* EXERCISE:
The entries below contain a line with "18.865C17.366 18.865 17.049" and a line with "10.101C8.608 10.101 8.291". Quote exactly those two lines and all lines between them.

* SOURCE MATERIAL:
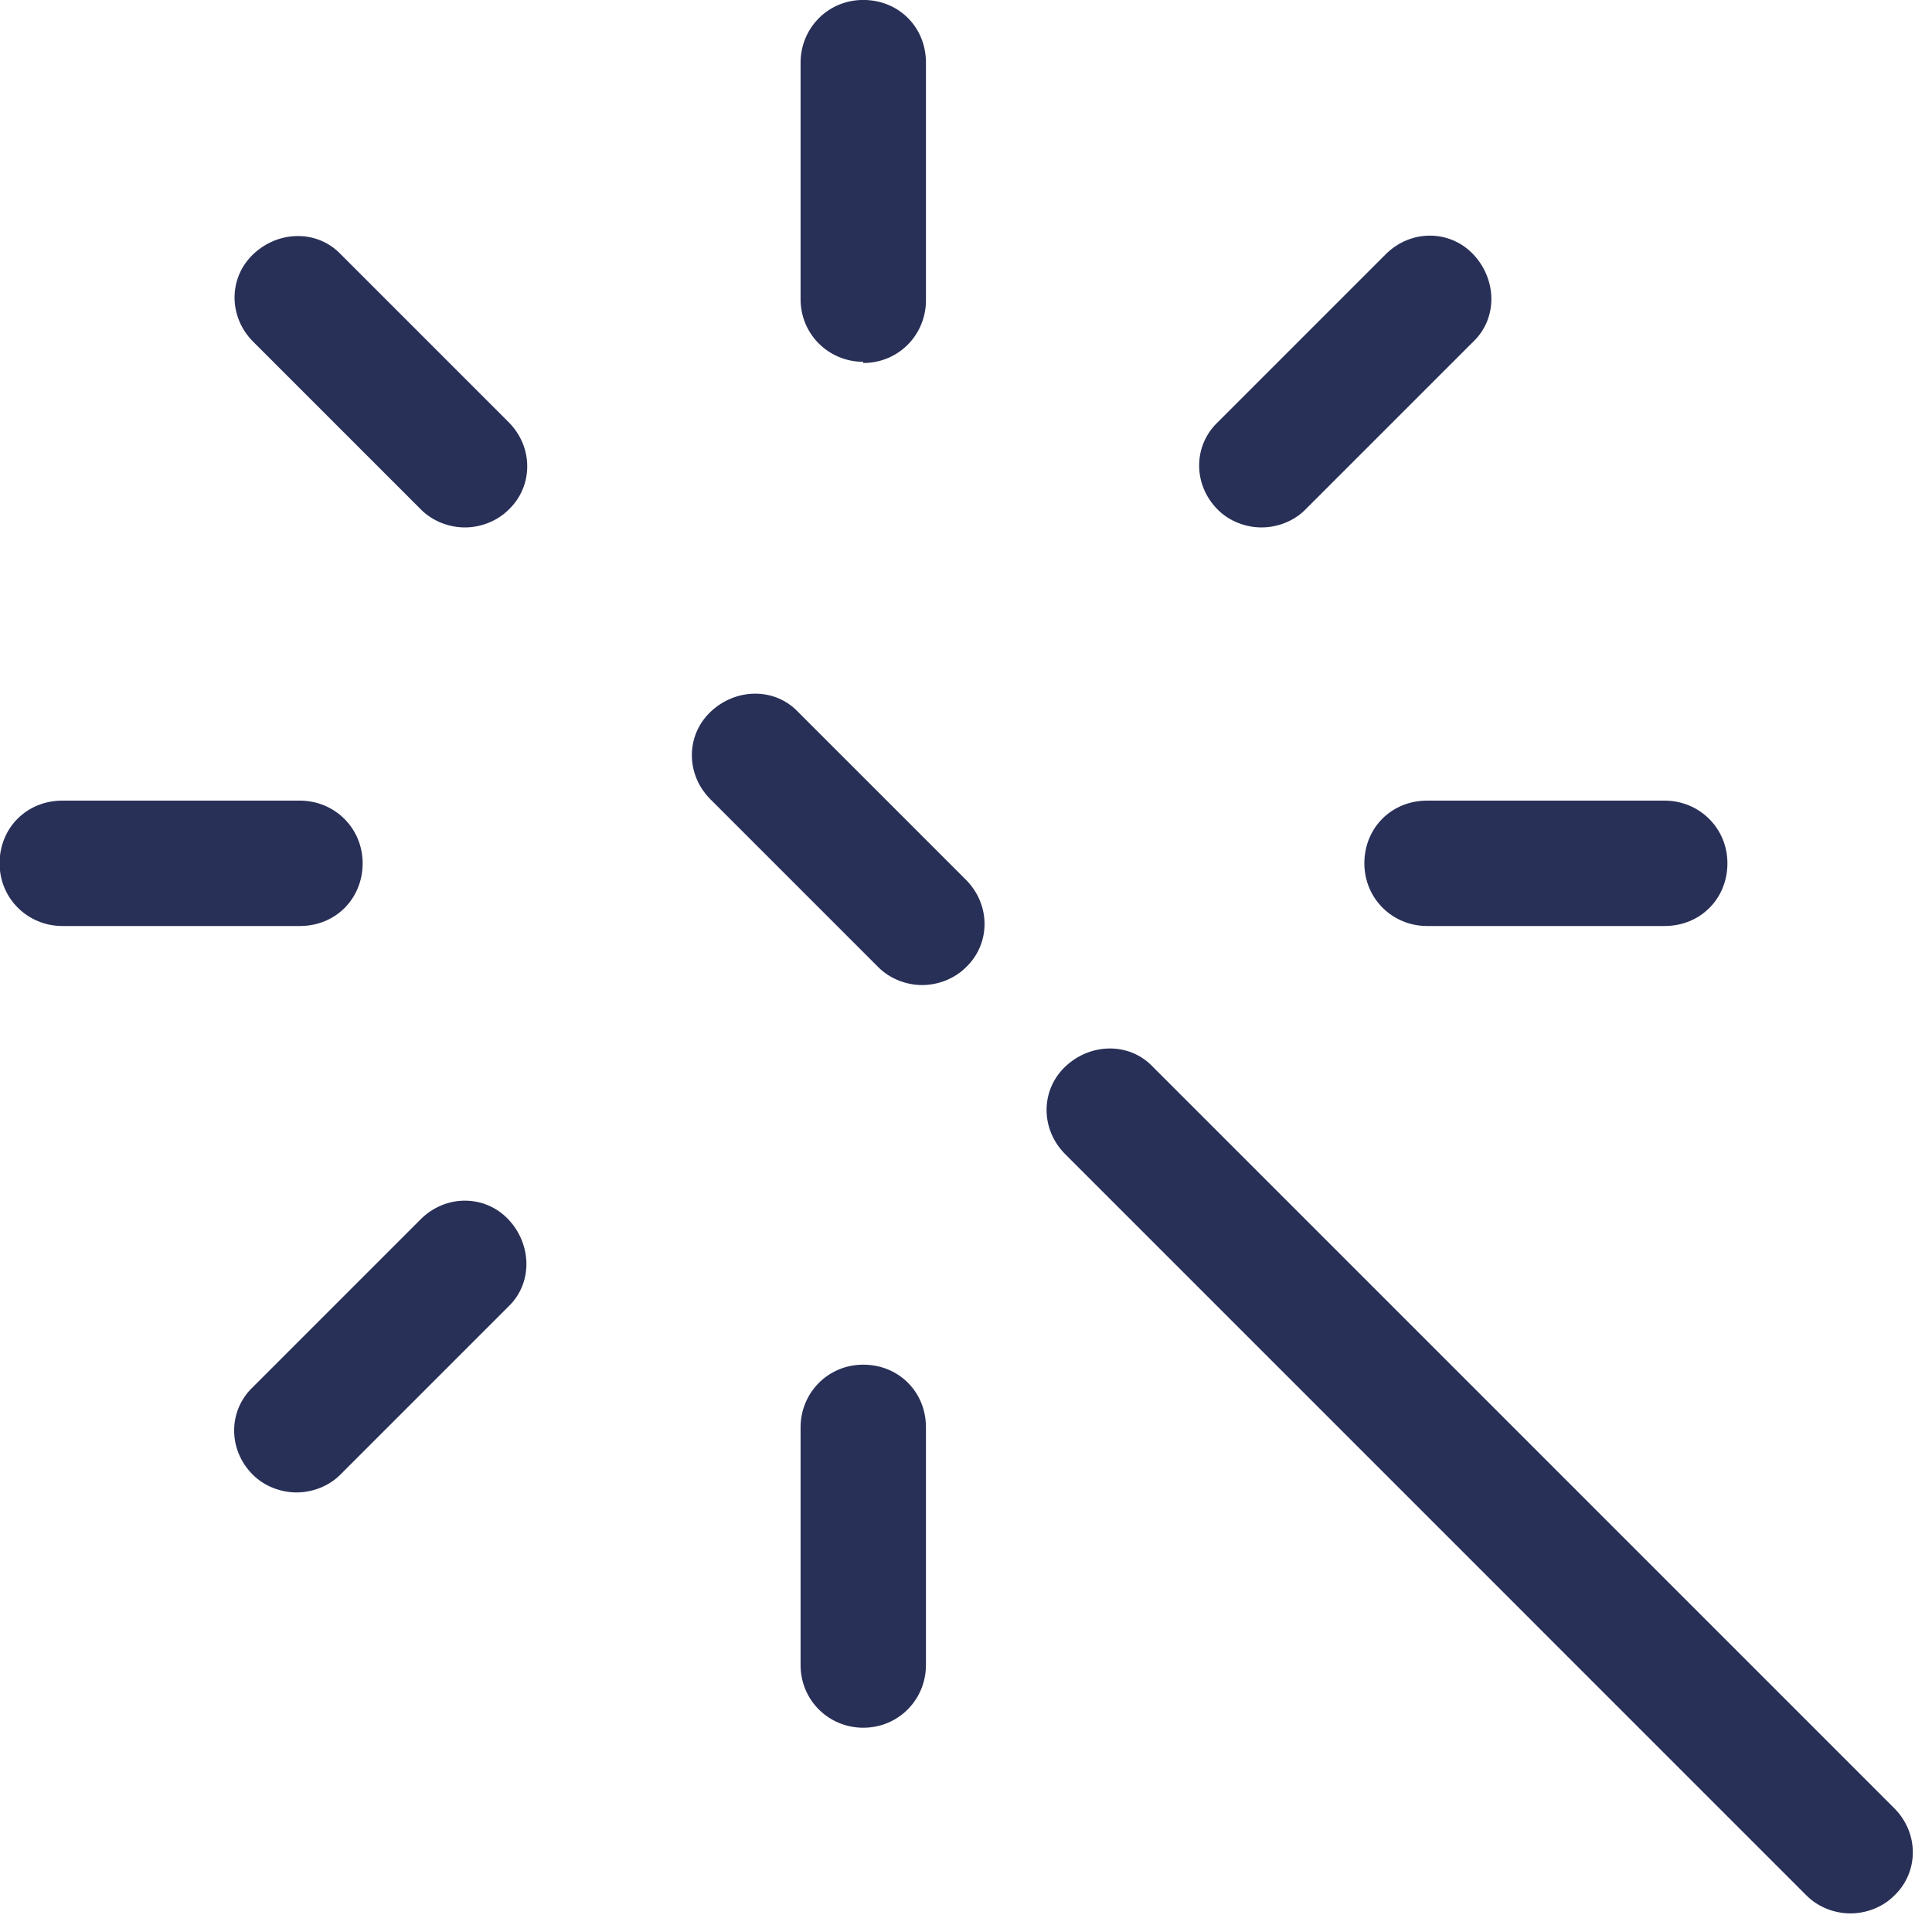 <svg width="37" height="37" viewBox="0 0 37 37" fill="none" xmlns="http://www.w3.org/2000/svg">
<path d="M35.438 36.644C35.144 36.644 34.827 36.531 34.6 36.304L20.4 22.104C19.924 21.628 19.924 20.881 20.4 20.428C20.875 19.975 21.623 19.952 22.076 20.428L36.276 34.628C36.752 35.104 36.752 35.851 36.276 36.304C36.05 36.531 35.732 36.644 35.438 36.644Z" fill="#293057"/>
<path d="M17.661 18.865C17.366 18.865 17.049 18.751 16.823 18.525L13.607 15.309C13.131 14.833 13.131 14.086 13.607 13.633C14.082 13.18 14.83 13.157 15.283 13.633L18.499 16.849C18.974 17.325 18.974 18.072 18.499 18.525C18.272 18.751 17.955 18.865 17.661 18.865Z" fill="#293057"/>
<path d="M8.903 10.101C8.608 10.101 8.291 9.987 8.065 9.761L4.849 6.545C4.373 6.069 4.373 5.322 4.849 4.869C5.324 4.416 6.072 4.393 6.525 4.869L9.741 8.085C10.216 8.56 10.216 9.308 9.741 9.761C9.514 9.987 9.197 10.101 8.903 10.101Z" fill="#293057"/>
<path d="M5.679 28.582C5.385 28.582 5.068 28.469 4.841 28.242C4.365 27.767 4.365 27.019 4.841 26.566L8.057 23.35C8.533 22.875 9.28 22.875 9.733 23.35C10.186 23.826 10.209 24.573 9.733 25.026L6.517 28.242C6.291 28.469 5.973 28.582 5.679 28.582Z" fill="#293057"/>
<path d="M24.16 10.101C23.865 10.101 23.548 9.988 23.322 9.761C22.846 9.286 22.846 8.538 23.322 8.085L26.538 4.869C27.013 4.394 27.761 4.394 28.213 4.869C28.666 5.345 28.689 6.092 28.213 6.545L24.997 9.761C24.771 9.988 24.454 10.101 24.16 10.101Z" fill="#293057"/>
<path d="M16.532 33.088C15.876 33.088 15.332 32.567 15.332 31.887V27.335C15.332 26.678 15.853 26.135 16.532 26.135C17.212 26.135 17.733 26.656 17.733 27.335V31.887C17.733 32.544 17.212 33.088 16.532 33.088Z" fill="#293057"/>
<path d="M16.532 6.929C15.876 6.929 15.332 6.408 15.332 5.729V1.199C15.332 0.543 15.853 -0.001 16.532 -0.001C17.212 -0.001 17.733 0.52 17.733 1.199V5.752C17.733 6.408 17.212 6.952 16.532 6.952V6.929Z" fill="#293057"/>
<path d="M31.881 17.734H27.329C26.672 17.734 26.129 17.213 26.129 16.533C26.129 15.854 26.65 15.333 27.329 15.333H31.881C32.538 15.333 33.082 15.854 33.082 16.533C33.082 17.213 32.561 17.734 31.881 17.734Z" fill="#293057"/>
<path d="M5.745 17.734H1.193C0.536 17.734 -0.008 17.213 -0.008 16.533C-0.008 15.854 0.513 15.333 1.193 15.333H5.745C6.402 15.333 6.945 15.854 6.945 16.533C6.945 17.213 6.424 17.734 5.745 17.734Z" fill="#293057"/>
</svg>

* REPLY TO THE TASK:
<path d="M17.661 18.865C17.366 18.865 17.049 18.751 16.823 18.525L13.607 15.309C13.131 14.833 13.131 14.086 13.607 13.633C14.082 13.18 14.83 13.157 15.283 13.633L18.499 16.849C18.974 17.325 18.974 18.072 18.499 18.525C18.272 18.751 17.955 18.865 17.661 18.865Z" fill="#293057"/>
<path d="M8.903 10.101C8.608 10.101 8.291 9.987 8.065 9.761L4.849 6.545C4.373 6.069 4.373 5.322 4.849 4.869C5.324 4.416 6.072 4.393 6.525 4.869L9.741 8.085C10.216 8.56 10.216 9.308 9.741 9.761C9.514 9.987 9.197 10.101 8.903 10.101Z" fill="#293057"/>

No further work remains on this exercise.